Below are some records; find each line that carries the word "degrees" and copy it.
(Extracted records begins)
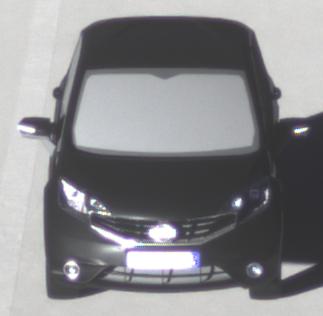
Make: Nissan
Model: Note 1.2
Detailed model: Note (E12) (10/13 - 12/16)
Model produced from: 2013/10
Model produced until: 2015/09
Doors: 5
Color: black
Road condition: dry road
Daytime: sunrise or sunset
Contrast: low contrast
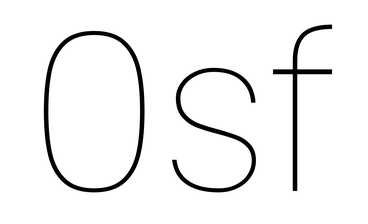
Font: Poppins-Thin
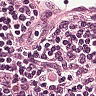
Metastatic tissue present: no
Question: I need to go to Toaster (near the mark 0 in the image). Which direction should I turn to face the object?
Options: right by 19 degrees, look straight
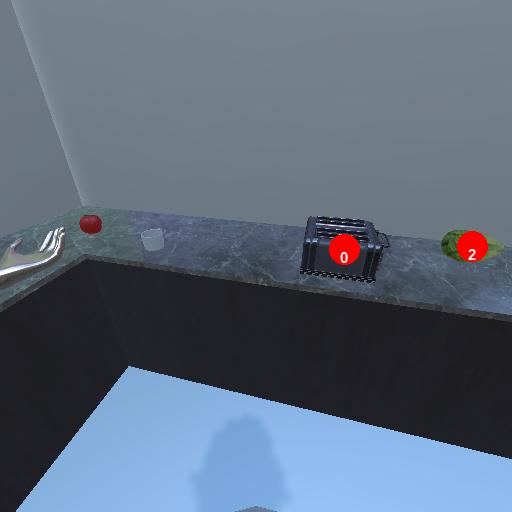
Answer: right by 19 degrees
(Extracted records ends)
(Extracted records begins)
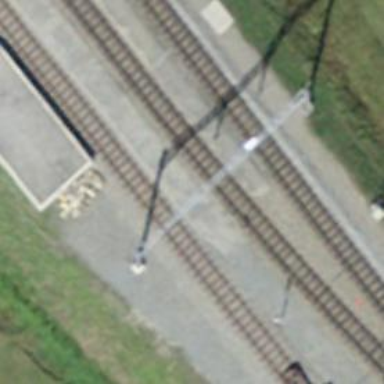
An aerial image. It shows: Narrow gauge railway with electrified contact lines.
(Extracted records ends)
Task solution |
Options: right by 19 degrees, look straight
Answer: right by 19 degrees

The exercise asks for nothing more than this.